This paper proposes a lane detection method that combines a differentiable least squares fitting approach [23] with instance segmentation, based on the end-to-end lane detection framework by Van Gansbeke et al. [10]. This method integrates geometric and visual features, enhancing adaptability to complex and dynamic environmental conditions and improving the model’s performance under varying road and weather conditions. First, this method integrates geometric and visual characteristics to better adapt to complex and dynamic environmental conditions, enhancing the robustness of the model in diverse road scenarios and weather variations. First, the proposed approach adopts a deep learning network to generate per-pixel weights, producing x- and y-coordinate weight maps that reflect the confidence of each pixel belonging to lane markings. The network assigns a weight value to each position of pixel in the image, indicating its probability of being part of a lane line. Second, the pixel coordinates are normalized and the network predicts the weight values w for each pixel to generate feature maps with spatial dimensions identical to the input image. The coordinates and corresponding weights ($x_i$, $y_i$, $w_i$) of each pixel are then fed into the subsequent least squares fitting module. Finally, a weighted least-squares fitting module is integrated to directly solve lane model parameters within the network. By leveraging pixel weights obtained from previous steps in a weighted formulation, this method adjusts the influence of each coordinate point through the optimization process, enabling precise fitting of mathematical curve models that describe lane boundaries.

Due to the structural similarity between the lane markings and the road edges, especially in complex environments where the lane markings are obstructed, worn, or discontinuous, greater demands are placed on the feature extraction capabilities of the network.
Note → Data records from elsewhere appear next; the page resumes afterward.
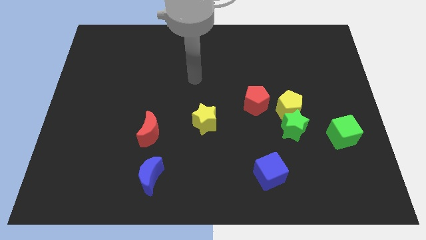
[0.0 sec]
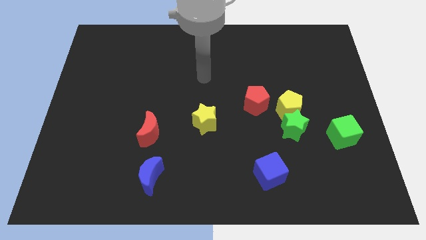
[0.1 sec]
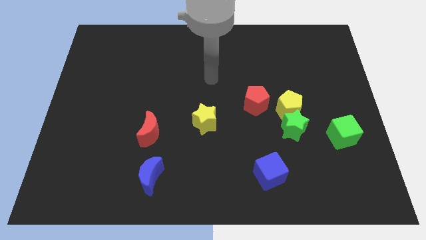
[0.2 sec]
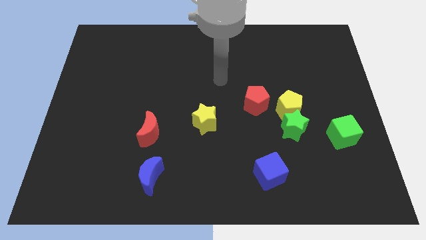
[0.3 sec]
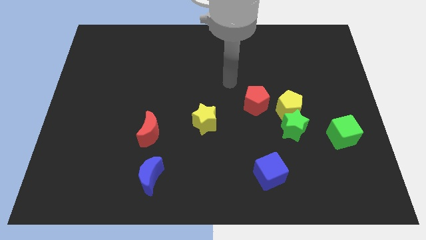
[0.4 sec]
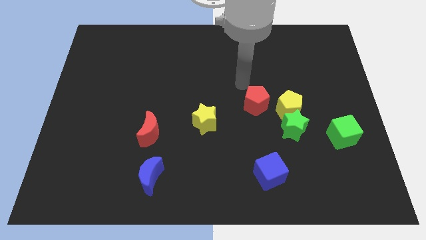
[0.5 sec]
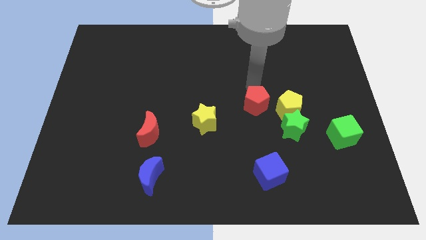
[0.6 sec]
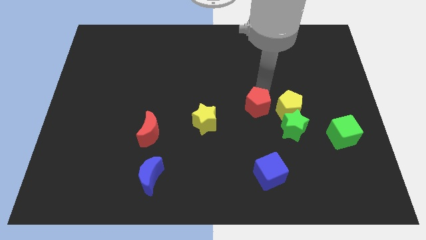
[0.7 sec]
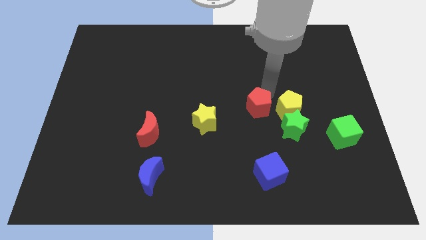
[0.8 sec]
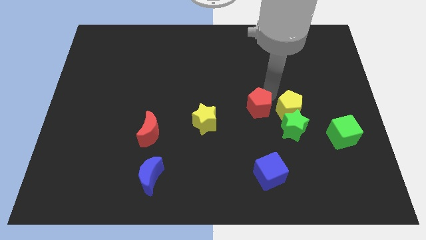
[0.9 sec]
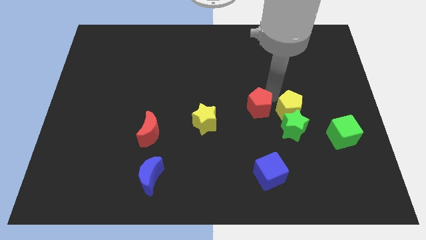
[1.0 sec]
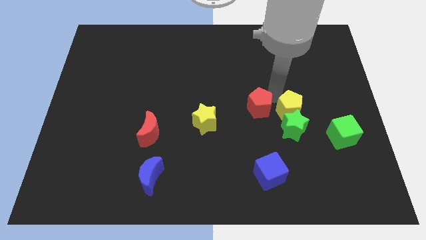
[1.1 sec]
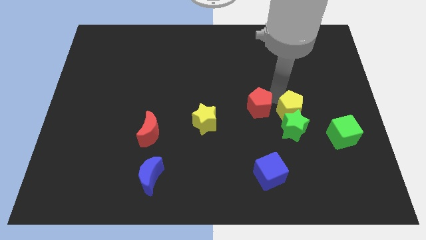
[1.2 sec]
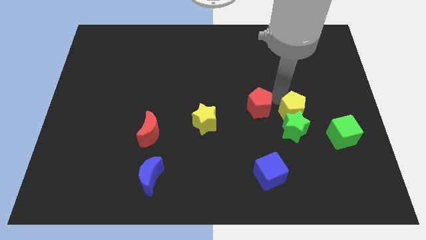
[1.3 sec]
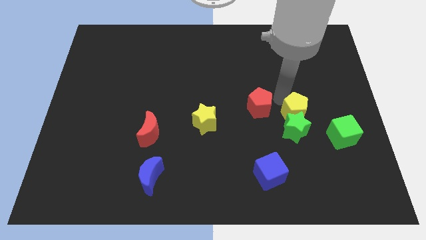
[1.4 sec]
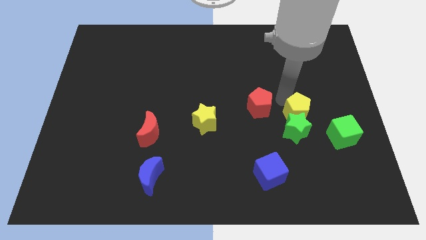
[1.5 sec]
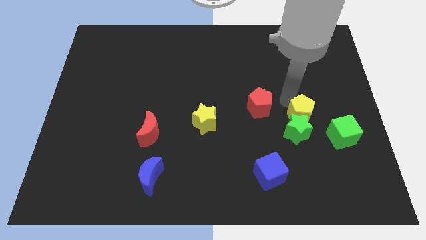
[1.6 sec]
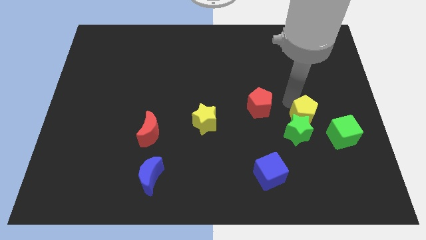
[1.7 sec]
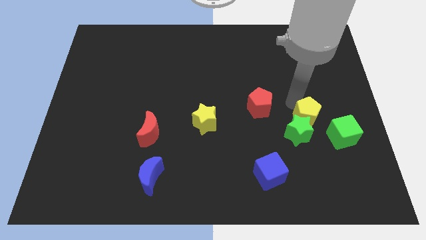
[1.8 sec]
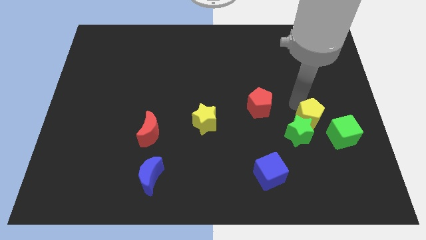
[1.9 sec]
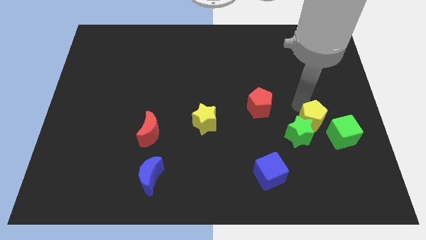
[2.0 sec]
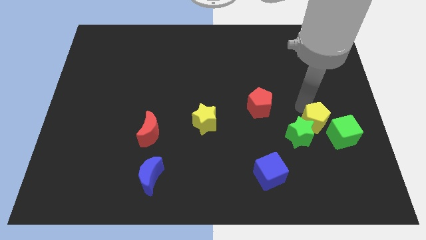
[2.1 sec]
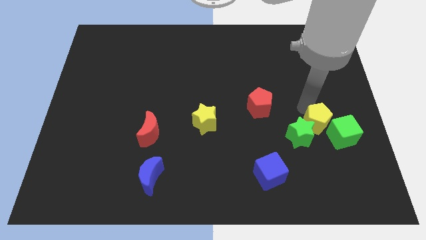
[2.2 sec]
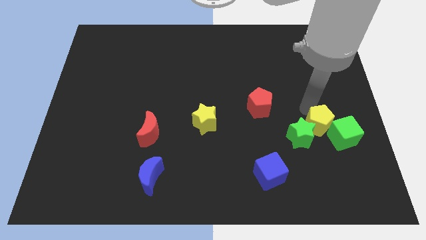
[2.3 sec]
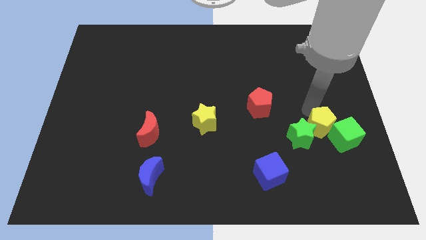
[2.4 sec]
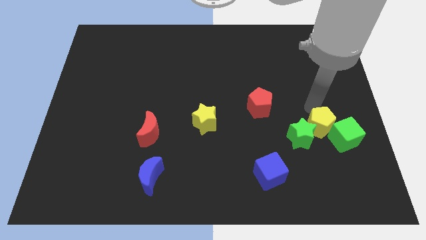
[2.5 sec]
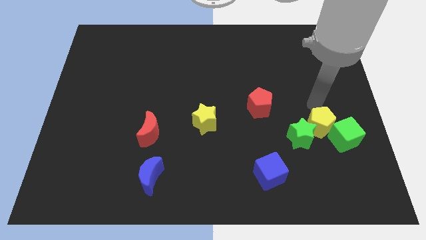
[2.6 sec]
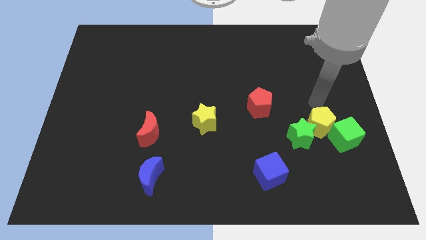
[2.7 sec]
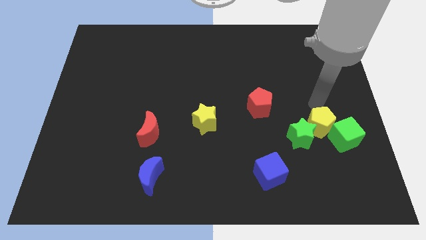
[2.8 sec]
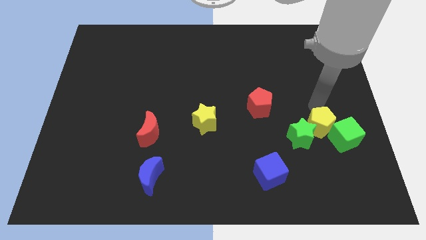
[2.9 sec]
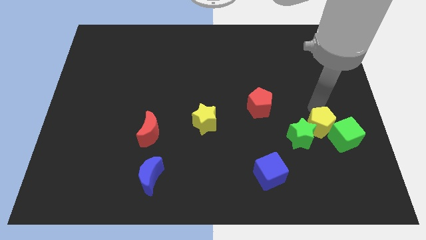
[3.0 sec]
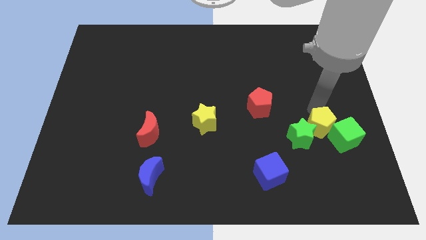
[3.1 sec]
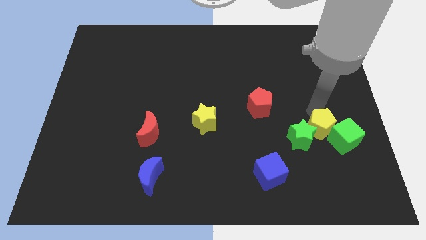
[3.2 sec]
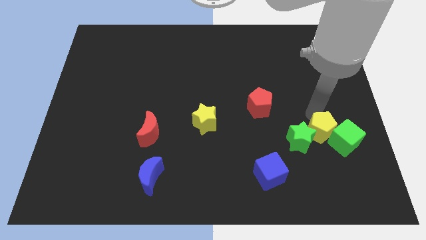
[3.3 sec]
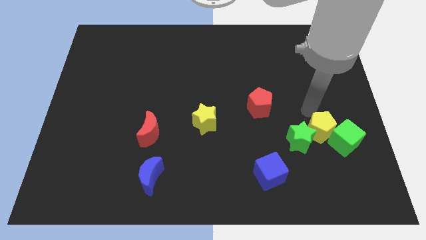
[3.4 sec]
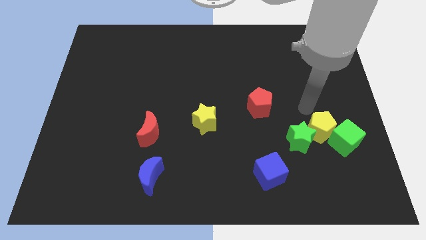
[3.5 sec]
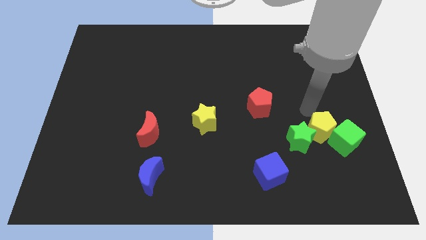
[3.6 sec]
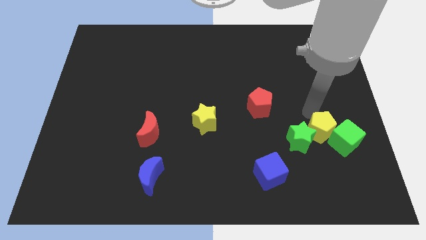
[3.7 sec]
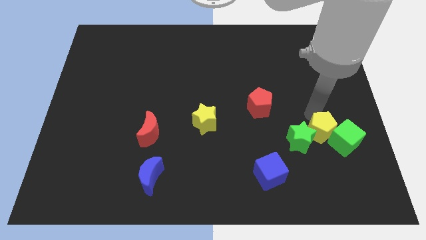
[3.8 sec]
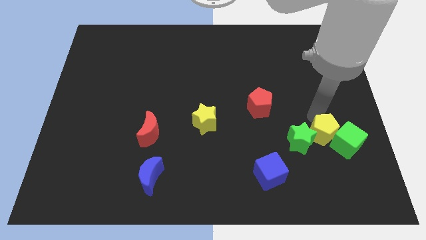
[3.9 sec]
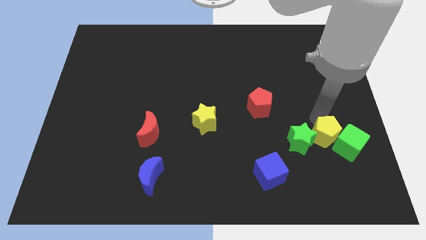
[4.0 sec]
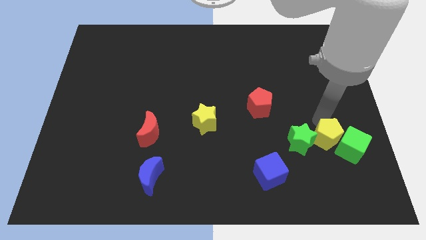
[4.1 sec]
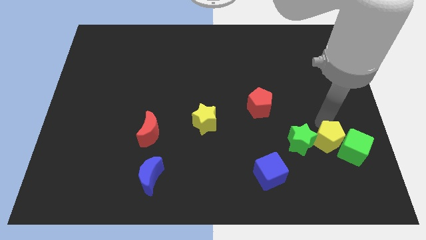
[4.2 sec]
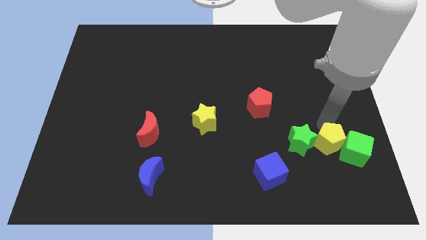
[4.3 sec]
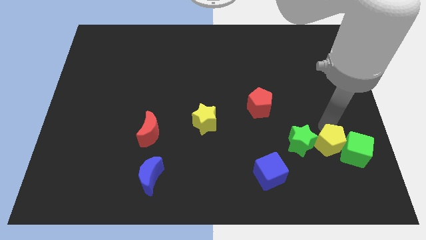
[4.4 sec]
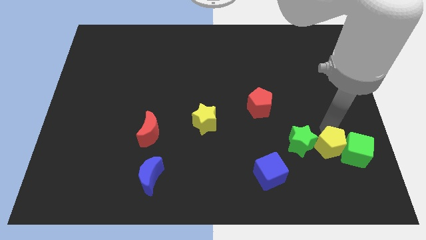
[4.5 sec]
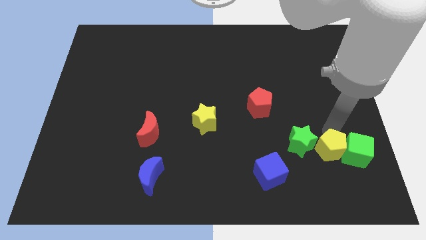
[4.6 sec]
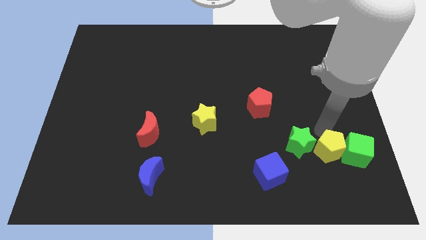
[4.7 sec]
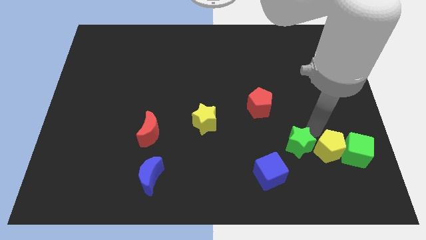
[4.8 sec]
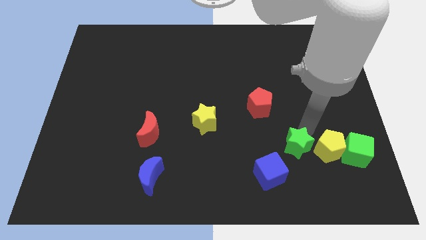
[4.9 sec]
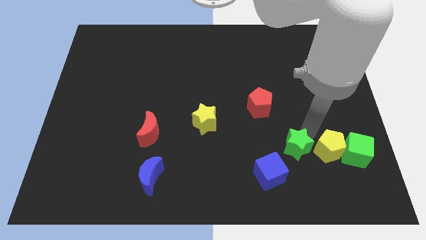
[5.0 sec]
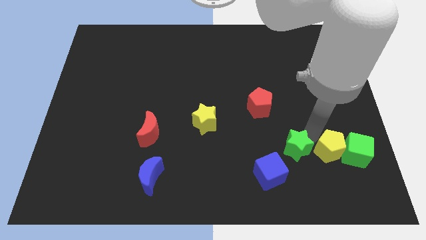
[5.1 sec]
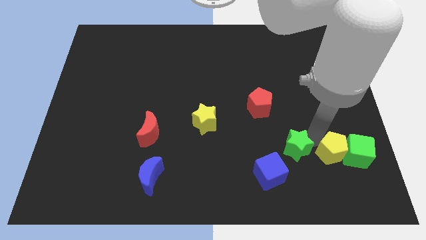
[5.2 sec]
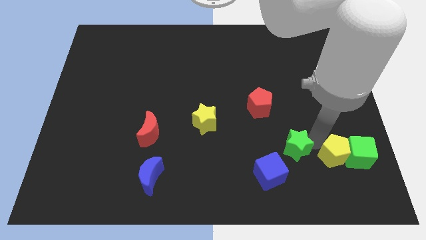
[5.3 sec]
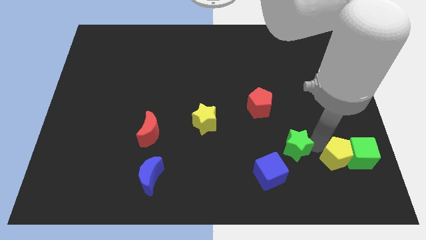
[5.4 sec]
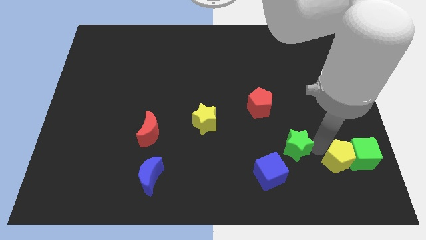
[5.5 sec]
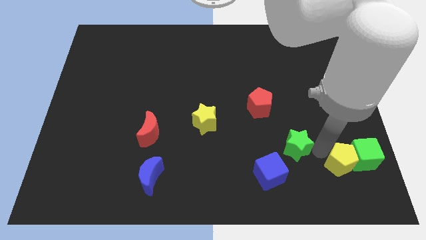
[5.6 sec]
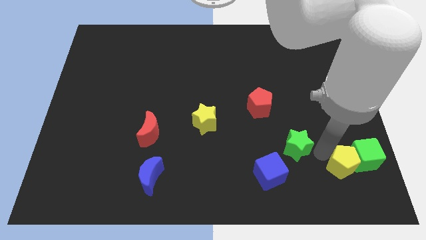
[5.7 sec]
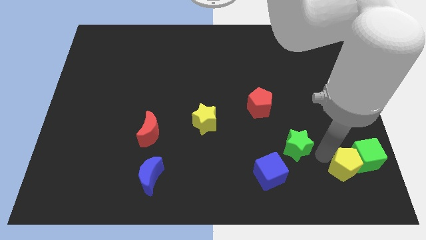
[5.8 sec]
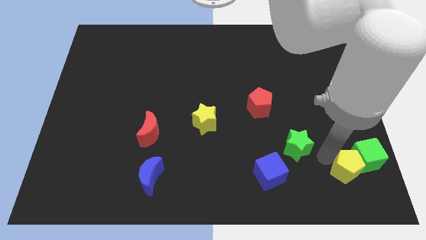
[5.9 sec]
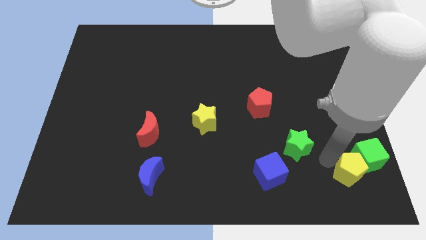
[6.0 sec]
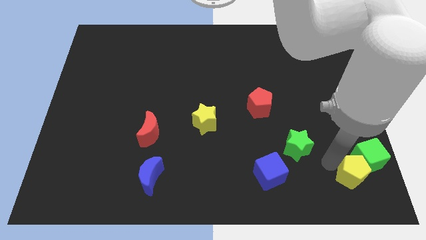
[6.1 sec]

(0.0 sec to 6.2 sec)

To accurately extract lane features, this paper leverages the residual network (ResNet) proposed by He et al. [24]. By constructing ’shortcut connections’, which provide identity mapping paths for gradient propagation, the method effectively mitigates performance degradation issues during deep network training and significantly improves the ability of the network to extract image features. The algorithm uses ResNet50 as the backbone network, which consists of five convolutional blocks, denoted as Conv1, Conv2, Conv3, Conv4, and Conv5.

As shown in Figure 2, this is the residual structure in the convolution block, where X represents the number of channels in the input to the residual module, w denotes the number of channels in the output feature matrices of each convolutional block, and each convolutional layer is followed by a batch normalization (BN) layer.

Given the elongated structural characteristics of the lane markings, the network model requires high-level semantic features to detect the lane markings and perform coarse localization, followed by precise lane localization using low-level semantic features.

Therefore, this paper employs the Feature Pyramid Network (FPN) [25], which integrates multi-scale feature information. FPN enhances the connections between features at different scales through a top-down structure, effectively extending traditional methods that rely on single-scale feature maps.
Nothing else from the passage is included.